Further enhancements you might make:

  1. Some extra security would be wise, e.g. process the argument with a C++ script before passing it to grep, check your PATH, etc.

  2. Consider also where there are spaces in the argument (multiple search words), etc.

  3. If you have more than 2 levels of web pages you may write them out explicitly as   */*/*html etc., or get a recursive grep, or use recursive find first to build the filespec:
    cd /users/homes/me/public_html
    
    filespec=`find . -type f -name "*html" | tr '\n' ' '`
    
    grep -i "$argument" $filespec
    
    Since each search will be using the same file list, it would be more efficient to pre-build the list once, and cache it in a file, and then:
    read filespec < filelist.txt
    
    grep -i "$argument" $filespec
    
    (I hope you realise that a heavy-duty search engine would go further and pre-index all the files in advance, rather than grep-ing them on the spot. But simple grep is alright for a personal website.)

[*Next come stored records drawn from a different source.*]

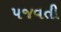
પજવતી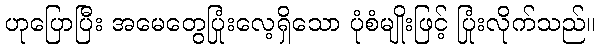
ဟုပြောပြီး အမေတွေပြုံးလေ့ရှိသော ပုံစံမျိုးဖြင့် ပြုံးလိုက်သည်။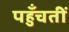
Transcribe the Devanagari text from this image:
पहुँचतीं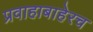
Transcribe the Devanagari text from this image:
प्रवाहाबाहेरच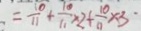
= \frac { 1 0 } { 1 1 } + \frac { 1 0 } { 1 1 } \times 2 + \frac { 1 0 } { 1 1 } \times 3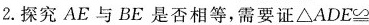
2.探究AE与BE是否相等，需要证△ADE≌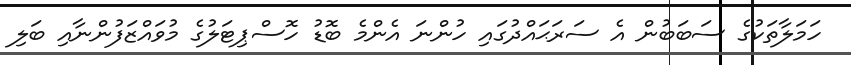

  4. You might of course like to tidy up the output, in particular so that someone can actually click on the page(s) returned.

  5. The pages are not ranked in order of relevance, but only in the order in which grep finds them. How would you solve this?



But the principle is that in Shell you can rustle up a quick search engine for your personal pages, or any subset of them, in an afternoon. e.g. My search engine in about 55 lines of Shell (with a C++ input pre-processor for security) has all of the above enhancements and searches only a carefully defined subsection of my site.


Exercise - Make this an ordinary offline script with args (not a CGI script) that constructs an offline output web page.